Gobernar con límites

Quizás sea sólo un detalle. Quizá  lo importante es que Bachelet captó que en Chile había un descontento, a lo mejor parecido en algo al que a ella le dejó en su fuero interno su primer gobierno. Por eso decide volver a La Moneda. A tratar de contenerlo y remediarlo. Fue una buena decisión. Nadie estaba en mejor posición que ella para hacerlo y es sano que los gobiernos sean de mayoría. La agenda que planteó instó a un país donde las desigualdades fueran menores, donde los derechos de las personas estuvieran mejor garantizados y donde el Estado reasumiera roles más protagónicos.
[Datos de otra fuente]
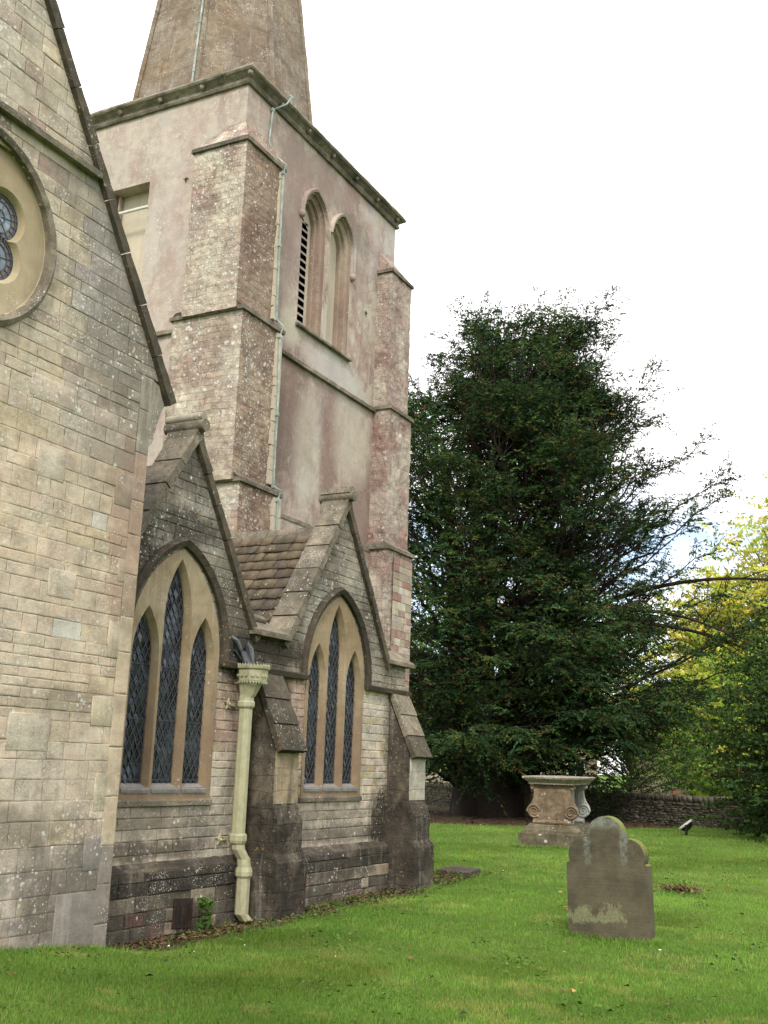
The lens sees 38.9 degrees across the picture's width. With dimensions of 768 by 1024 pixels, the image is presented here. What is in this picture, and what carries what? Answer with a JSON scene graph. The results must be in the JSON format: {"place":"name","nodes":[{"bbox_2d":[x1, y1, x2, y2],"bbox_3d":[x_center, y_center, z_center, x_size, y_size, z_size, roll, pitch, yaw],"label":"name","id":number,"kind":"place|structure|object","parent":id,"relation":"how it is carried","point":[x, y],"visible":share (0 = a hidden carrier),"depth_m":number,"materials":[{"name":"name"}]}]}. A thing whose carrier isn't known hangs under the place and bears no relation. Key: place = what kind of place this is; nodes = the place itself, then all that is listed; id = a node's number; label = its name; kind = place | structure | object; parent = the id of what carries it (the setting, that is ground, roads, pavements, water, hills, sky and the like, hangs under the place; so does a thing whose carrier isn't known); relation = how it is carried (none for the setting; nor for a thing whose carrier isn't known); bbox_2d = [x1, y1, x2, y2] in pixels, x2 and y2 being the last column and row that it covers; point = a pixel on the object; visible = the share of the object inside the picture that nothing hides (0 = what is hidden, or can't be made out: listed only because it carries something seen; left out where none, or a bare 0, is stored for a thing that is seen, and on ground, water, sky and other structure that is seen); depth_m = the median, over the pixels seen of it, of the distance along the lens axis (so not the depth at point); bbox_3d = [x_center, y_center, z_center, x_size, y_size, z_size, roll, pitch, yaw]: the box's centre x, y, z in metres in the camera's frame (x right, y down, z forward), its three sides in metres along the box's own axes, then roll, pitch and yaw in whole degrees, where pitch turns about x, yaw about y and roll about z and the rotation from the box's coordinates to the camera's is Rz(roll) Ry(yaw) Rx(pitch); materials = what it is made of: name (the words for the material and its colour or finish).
{"place":"outdoors","nodes":[
{"label":"outdoors","id":0,"kind":"place"},
{"bbox_2d":[0,775,767,1023],"bbox_3d":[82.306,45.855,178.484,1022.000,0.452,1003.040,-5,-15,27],"label":"ground","id":1,"kind":"structure","parent":0,"point":[446,819],"depth_m":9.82,"materials":[{"name":"green plant"}]},
{"bbox_2d":[196,896,214,932],"bbox_3d":[-1.758,3.962,10.676,0.154,0.357,0.204,-5,-15,27],"label":"weed","id":2,"kind":"object","parent":1,"relation":"on","point":[207,915],"visible":0.92,"depth_m":10.65,"materials":[{"name":"green plant"}]},
{"bbox_2d":[0,0,433,950],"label":"church","id":3,"kind":"structure","parent":1,"relation":"on","point":[206,422],"depth_m":11.72,"materials":[{"name":"stone"}]},
{"bbox_2d":[0,126,56,326],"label":"round window","id":4,"kind":"structure","parent":3,"relation":"in","point":[28,238],"depth_m":8.64,"materials":[{"name":"stone"}]},
{"bbox_2d":[117,537,229,806],"bbox_3d":[-2.224,1.563,10.894,0.458,2.661,1.694,-5,-15,27],"label":"window","id":5,"kind":"structure","parent":3,"relation":"in","point":[166,682],"depth_m":10.86,"materials":[{"name":"stone"}]},
{"bbox_2d":[297,188,331,336],"bbox_3d":[-1.542,-4.704,20.345,0.647,3.040,1.065,-5,-15,27],"label":"belfry window","id":6,"kind":"structure","parent":3,"relation":"in","point":[311,213],"depth_m":20.61,"materials":[{"name":"beige stone"}]},
{"bbox_2d":[298,587,371,801],"bbox_3d":[-0.742,2.265,13.690,0.458,2.660,1.696,-5,-15,27],"label":"window","id":7,"kind":"structure","parent":3,"relation":"in","point":[334,748],"depth_m":13.66,"materials":[{"name":"stone"}]},
{"bbox_2d":[326,213,355,354],"bbox_3d":[-0.933,-4.494,21.184,0.359,2.853,1.027,-5,-15,27],"label":"belfry window","id":8,"kind":"structure","parent":3,"relation":"in","point":[341,257],"depth_m":21.45,"materials":[{"name":"beige stone"}]},
{"bbox_2d":[105,870,504,950],"bbox_3d":[-0.336,4.589,12.803,1.193,0.158,9.091,-4,-14,24],"label":"gravel strip","id":9,"kind":"object","parent":1,"relation":"on","point":[162,938],"visible":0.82,"depth_m":10.49,"materials":[{"name":"gravel"}]},
{"bbox_2d":[1,825,767,1023],"bbox_3d":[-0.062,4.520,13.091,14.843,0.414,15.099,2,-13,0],"label":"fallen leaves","id":10,"kind":"object","parent":1,"relation":"on","point":[432,976],"visible":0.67,"depth_m":9.50,"materials":[{"name":"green plant"}]},
{"bbox_2d":[410,611,442,716],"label":"dark tree","id":11,"kind":"object","parent":1,"relation":"on","point":[420,645],"depth_m":67.98,"materials":[{"name":"green plant"}]},
{"bbox_2d":[422,716,452,782],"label":"shrub","id":12,"kind":"object","parent":1,"relation":"on","point":[433,760],"visible":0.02,"depth_m":49.72,"materials":[{"name":"green plant"}]},
{"bbox_2d":[436,865,480,876],"bbox_3d":[1.157,5.388,16.310,0.537,0.070,1.037,-3,-14,20],"label":"ledger stone","id":13,"kind":"object","parent":1,"relation":"on","point":[459,870],"visible":0.88,"depth_m":16.05,"materials":[{"name":"grey stone"}]},
{"bbox_2d":[428,806,680,827],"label":"needle litter","id":14,"kind":"object","parent":1,"relation":"on","point":[651,823],"visible":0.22,"depth_m":33.96,"materials":[{"name":"brown plant"}]},
{"bbox_2d":[518,775,594,847],"bbox_3d":[3.799,6.543,23.500,1.343,1.612,1.871,-3,-14,22],"label":"chest tomb","id":15,"kind":"object","parent":1,"relation":"on","point":[558,809],"visible":0.85,"depth_m":22.90,"materials":[{"name":"stone"}]},
{"bbox_2d":[526,752,641,819],"bbox_3d":[6.619,9.358,36.294,3.857,3.307,3.588,-1,-13,11],"label":"shrub","id":16,"kind":"object","parent":1,"relation":"on","point":[589,800],"visible":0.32,"depth_m":36.18,"materials":[{"name":"green plant"}]},
{"bbox_2d":[407,279,767,817],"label":"yew tree","id":17,"kind":"object","parent":1,"relation":"on","point":[513,719],"visible":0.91,"depth_m":35.41,"materials":[{"name":"green plant"}]},
{"bbox_2d":[425,782,767,829],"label":"boundary wall","id":18,"kind":"structure","parent":1,"relation":"on","point":[671,809],"depth_m":35.66,"materials":[{"name":"grey stone"}]},
{"bbox_2d":[566,816,654,943],"bbox_3d":[2.192,3.657,10.565,0.822,1.352,0.130,-8,-15,30],"label":"headstone","id":19,"kind":"object","parent":1,"relation":"on","point":[609,883],"visible":0.95,"depth_m":10.52,"materials":[{"name":"grey stone"}]},
{"bbox_2d":[554,657,719,794],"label":"shrub","id":20,"kind":"object","parent":1,"relation":"on","point":[630,780],"visible":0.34,"depth_m":42.31,"materials":[{"name":"green plant"}]},
{"bbox_2d":[654,884,701,892],"bbox_3d":[3.968,5.067,14.674,0.528,0.114,0.697,10,-15,-30],"label":"leaf pile","id":21,"kind":"object","parent":1,"relation":"on","point":[677,888],"visible":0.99,"depth_m":14.60,"materials":[{"name":"brown plant"}]},
{"bbox_2d":[679,819,692,834],"bbox_3d":[7.890,8.289,28.398,0.345,0.511,0.380,-3,-14,19],"label":"floodlight","id":22,"kind":"object","parent":1,"relation":"on","point":[686,826],"visible":0.91,"depth_m":28.28,"materials":[{"name":"metal"}]},
{"bbox_2d":[626,684,748,795],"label":"house","id":23,"kind":"structure","parent":1,"relation":"on","point":[682,791],"depth_m":54.27,"materials":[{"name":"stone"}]},
{"bbox_2d":[608,551,767,796],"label":"lime tree","id":24,"kind":"object","parent":1,"relation":"on","point":[697,642],"visible":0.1,"depth_m":54.10,"materials":[{"name":"green plant"}]},
{"bbox_2d":[638,633,767,798],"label":"tree","id":25,"kind":"object","parent":1,"relation":"on","point":[723,748],"visible":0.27,"depth_m":46.24,"materials":[{"name":"green plant"}]},
{"bbox_2d":[643,614,767,842],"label":"dark tree","id":26,"kind":"object","parent":1,"relation":"on","point":[758,742],"visible":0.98,"depth_m":28.00,"materials":[{"name":"green plant"}]},
{"bbox_2d":[652,474,767,708],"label":"lime tree","id":27,"kind":"object","parent":1,"relation":"on","point":[759,559],"visible":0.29,"depth_m":55.44,"materials":[{"name":"green plant"}]},
{"bbox_2d":[57,0,767,774],"label":"sky","id":28,"kind":"structure","parent":0,"point":[519,145],"materials":[{"name":"white"}]}
]}

No está muy claro, sin embargo, hasta dónde pueda llevar esto. En principio el programa de gobierno no es revolucionario, no aspira a desmantelar el modelo ni a sacar a Chile de su matriz del capitalista para devolverlo al dirigismo estatal. Sin embargo, tampoco esto podría descartarse y el gobierno, fuera de haber cultivado la incertidumbre a este respecto, es el menos interesado en despejar la incógnita, porque siente que si lo hace podría comprarse una oposición de izquierda. Hay claridad en el punto de partida, no en el de llegada. El problema es que la indefinición hará que el gobierno comience a perder aceite por el centro. Ya ha perdido un poco con la reforma tributaria. Y lo seguirá perdiendo con la reforma educacional, que hasta este momento tiene poco de educacional y mucho de estatización de los activos de la educación privada.
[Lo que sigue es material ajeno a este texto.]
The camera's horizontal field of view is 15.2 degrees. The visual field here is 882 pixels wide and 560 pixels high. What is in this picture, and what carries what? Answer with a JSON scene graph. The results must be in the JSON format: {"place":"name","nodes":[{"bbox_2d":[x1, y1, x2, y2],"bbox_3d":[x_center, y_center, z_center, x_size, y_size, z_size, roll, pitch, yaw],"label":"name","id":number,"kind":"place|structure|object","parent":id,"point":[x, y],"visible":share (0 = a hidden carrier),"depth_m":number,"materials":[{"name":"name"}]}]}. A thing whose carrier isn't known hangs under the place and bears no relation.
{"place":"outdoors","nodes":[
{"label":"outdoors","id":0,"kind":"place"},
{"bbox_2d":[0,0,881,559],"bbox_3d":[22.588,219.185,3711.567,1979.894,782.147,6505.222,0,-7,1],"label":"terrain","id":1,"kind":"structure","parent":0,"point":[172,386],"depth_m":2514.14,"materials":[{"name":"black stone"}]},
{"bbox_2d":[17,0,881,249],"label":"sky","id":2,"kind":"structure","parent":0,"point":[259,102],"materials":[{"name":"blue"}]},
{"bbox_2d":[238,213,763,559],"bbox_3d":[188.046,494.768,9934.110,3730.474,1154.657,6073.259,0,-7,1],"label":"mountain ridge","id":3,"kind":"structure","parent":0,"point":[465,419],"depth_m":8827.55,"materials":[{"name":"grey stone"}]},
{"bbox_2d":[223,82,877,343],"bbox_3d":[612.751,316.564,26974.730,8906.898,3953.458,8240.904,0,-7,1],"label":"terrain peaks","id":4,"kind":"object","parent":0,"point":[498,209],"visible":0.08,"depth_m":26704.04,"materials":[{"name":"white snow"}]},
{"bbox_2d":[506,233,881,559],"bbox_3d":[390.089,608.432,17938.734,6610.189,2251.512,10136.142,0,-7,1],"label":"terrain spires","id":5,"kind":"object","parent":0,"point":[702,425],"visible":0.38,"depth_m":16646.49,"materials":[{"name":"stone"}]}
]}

Tal como el gobierno confunde los medios con los fines (al punto de transformar algo puramente instrumental, por ejemplo, como eliminación del FUT, en un asunto intransable), también confunde consecuencias y causas. El diagnóstico de ahora en La Moneda es que la transición política se volvió vergonzosa e impresentable por culpa de los consensos, no por la forma en que la Concertación medró y se durmió sobre el aparato del Estado. También se impuso la tesis de que la desigualdad de la sociedad provenía del modelo, que como sea las ha estado corrigiendo, y no de la matriz histórica que tanto los gobiernos radicales desarrollistas como la Revolución en Libertad y la Unidad Popular dejaron exactamente igual.

El precio del éxito

Viendo las imágenes que llegan de España, donde también la transición que encabezó el rey está siendo muy cuestionada por turbia, timorata y entreguista, no obstante que España no ha vivido mejores décadas que las recientes, hasta el más distraído de los observadores debe abrirse a pensar que los países no se guían necesariamente por la lógica del ensayo y el error. Más bien es al revés. Se descartan las fórmulas en cuanto empiezan a funcionar y a salir bien. Se cambia lo que resulta por lo que nunca resultó. Se desestima lo bueno por lo que supuestamente es mejor. Cada generación reivindica su derecho a equivocarse. Pobre los países a los cuales les haya ido demasiado bien.